Regular screening for breast and colorectal cancers is summer, despite a dramatic decline during the first COVID-19 surge in 2020 and a second pandemic surge. By then, national data showed that it had returned to normal rates.

Weekly screening mammography rates declined 96% from mid-March to April, after which weekly mammography began a rebound that continued until July, when it approached pre-pandemic rates. Similarly, the researchers reported that screening colonoscopy rates fell by 95% and returned to near baseline levels by the end of July.
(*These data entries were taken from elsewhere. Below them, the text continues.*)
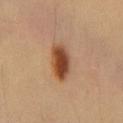Part of a total-body skin-imaging series; this lesion was reviewed on a skin check and was not flagged for biopsy.
Approximately 4.5 mm at its widest.
On the chest.
This image is a 15 mm lesion crop taken from a total-body photograph.
The tile uses cross-polarized illumination.
A male subject aged approximately 55.
Automated tile analysis of the lesion measured a mean CIELAB color near L≈45 a*≈22 b*≈33, roughly 15 lightness units darker than nearby skin, and a lesion-to-skin contrast of about 11 (normalized; higher = more distinct). The analysis additionally found border irregularity of about 2 on a 0–10 scale and a peripheral color-asymmetry measure near 2.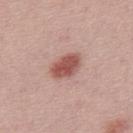Case summary:
• subject: male, aged 28–32
• illumination: white-light illumination
• acquisition: ~15 mm tile from a whole-body skin photo
• lesion size: ~4 mm (longest diameter)
• automated metrics: a lesion area of about 8.5 mm², a shape eccentricity near 0.8, and a shape-asymmetry score of about 0.15 (0 = symmetric); a lesion color around L≈54 a*≈25 b*≈24 in CIELAB, about 13 CIELAB-L* units darker than the surrounding skin, and a normalized border contrast of about 9; a border-irregularity index near 1.5/10, internal color variation of about 3 on a 0–10 scale, and a peripheral color-asymmetry measure near 1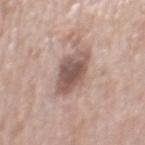{
  "biopsy_status": "not biopsied; imaged during a skin examination",
  "site": "mid back",
  "lesion_size": {
    "long_diameter_mm_approx": 5.0
  },
  "patient": {
    "sex": "male",
    "age_approx": 70
  },
  "image": {
    "source": "total-body photography crop",
    "field_of_view_mm": 15
  }
}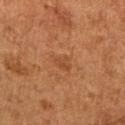  biopsy_status: not biopsied; imaged during a skin examination
  site: arm
  lighting: cross-polarized
  lesion_size:
    long_diameter_mm_approx: 3.0
  image:
    source: total-body photography crop
    field_of_view_mm: 15
  patient:
    sex: female
    age_approx: 60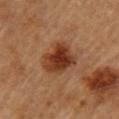Part of a total-body skin-imaging series; this lesion was reviewed on a skin check and was not flagged for biopsy. Automated image analysis of the tile measured an eccentricity of roughly 0.55 and a symmetry-axis asymmetry near 0.2. The analysis additionally found a border-irregularity rating of about 2.5/10, a within-lesion color-variation index near 4.5/10, and a peripheral color-asymmetry measure near 1. And it measured a nevus-likeness score of about 95/100. Captured under cross-polarized illumination. A 15 mm close-up tile from a total-body photography series done for melanoma screening. The subject is a female roughly 60 years of age. On the upper back.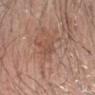* follow-up — imaged on a skin check; not biopsied
* diameter — ≈3.5 mm
* location — the right upper arm
* image source — total-body-photography crop, ~15 mm field of view
* tile lighting — white-light illumination
* automated metrics — a footprint of about 4.5 mm², an eccentricity of roughly 0.85, and a shape-asymmetry score of about 0.4 (0 = symmetric); roughly 6 lightness units darker than nearby skin and a lesion-to-skin contrast of about 5 (normalized; higher = more distinct); an automated nevus-likeness rating near 0 out of 100 and lesion-presence confidence of about 95/100
* patient — male, aged around 70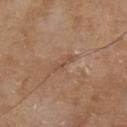Q: Was this lesion biopsied?
A: total-body-photography surveillance lesion; no biopsy
Q: What is the imaging modality?
A: ~15 mm tile from a whole-body skin photo
Q: Who is the patient?
A: male, in their mid-60s
Q: How large is the lesion?
A: about 2.5 mm
Q: Where on the body is the lesion?
A: the left lower leg
Q: What lighting was used for the tile?
A: cross-polarized illumination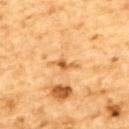<case>
<biopsy_status>not biopsied; imaged during a skin examination</biopsy_status>
<patient>
  <sex>male</sex>
  <age_approx>85+</age_approx>
</patient>
<lighting>cross-polarized</lighting>
<site>upper back</site>
<image>
  <source>total-body photography crop</source>
  <field_of_view_mm>15</field_of_view_mm>
</image>
</case>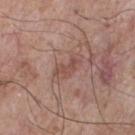{"biopsy_status": "not biopsied; imaged during a skin examination", "patient": {"sex": "male", "age_approx": 75}, "image": {"source": "total-body photography crop", "field_of_view_mm": 15}, "site": "chest"}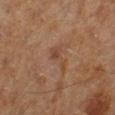Assessment: The lesion was photographed on a routine skin check and not biopsied; there is no pathology result. Image and clinical context: The lesion is on the left lower leg. The patient is a male about 60 years old. This image is a 15 mm lesion crop taken from a total-body photograph. The total-body-photography lesion software estimated an average lesion color of about L≈41 a*≈19 b*≈28 (CIELAB), about 6 CIELAB-L* units darker than the surrounding skin, and a normalized lesion–skin contrast near 5.5. The software also gave a classifier nevus-likeness of about 0/100.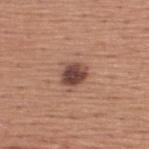Image and clinical context: From the upper back. A close-up tile cropped from a whole-body skin photograph, about 15 mm across. A male subject, approximately 45 years of age.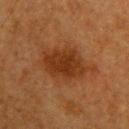| field | value |
|---|---|
| biopsy status | catalogued during a skin exam; not biopsied |
| patient | female, in their mid-50s |
| image source | 15 mm crop, total-body photography |
| lighting | cross-polarized |
| anatomic site | the head or neck |
| automated lesion analysis | an area of roughly 19 mm², an outline eccentricity of about 0.75 (0 = round, 1 = elongated), and two-axis asymmetry of about 0.2; a lesion color around L≈29 a*≈21 b*≈31 in CIELAB and a lesion-to-skin contrast of about 8 (normalized; higher = more distinct); a border-irregularity index near 3/10 and internal color variation of about 2.5 on a 0–10 scale; a nevus-likeness score of about 85/100 |
| size | ~6.5 mm (longest diameter) |

General Internal Medicine Journal..

“These are the first findings to show that healthcare facilities have come up with ways to regain this after the first pandemic restriction, despite real fear of the outcome of cancer screening drop-offs,” said Rand Corporation. Dr. Ryan McBain. Said in a statement in Santa Monica, California. “Our research has shown that healthcare systems have been able to readjust resources and protocols at relatively short intervals to provide these important services.”

Timely recovery of cancer screening rates is encouraging, but healthcare providers need to continue to be concerned about patients who skipped screening during a pandemic, a national health benefit management company that provided data for the study. Dr. Dena M. Bravata of Castlight Health, added. ..

“People who postpone preventive services need to be prioritized for timely screening, especially if they are at high risk of illness,” she said.

The COVID-19 pandemic had an almost immediate effect on cancer screening and diagnosis. A Study of screening trends Six common types of cancer show a nearly 50% reduction in screening rates in the United States from March 1, 2020 to April 18, 2020 compared to January 2019 to February 2020 I did.

Decreased screening rates have fueled concerns that delayed screening will lead to increased diagnosis of more advanced cancers and death from more cancers. Several studies have confirmed concerns.For example, a Spanish survey showed a 38% decrease. Diagnosis of new lung cancer The first six months of 2020 compared to the same period in 2019.

The impact of the pandemic on cancer screening, which requires face-to-face examinations such as mammography and colonoscopy, was of particular concern, McBain and co-authors said. In addition, little was known about the magnitude of the decline in screening rates and the long-term trends in screening.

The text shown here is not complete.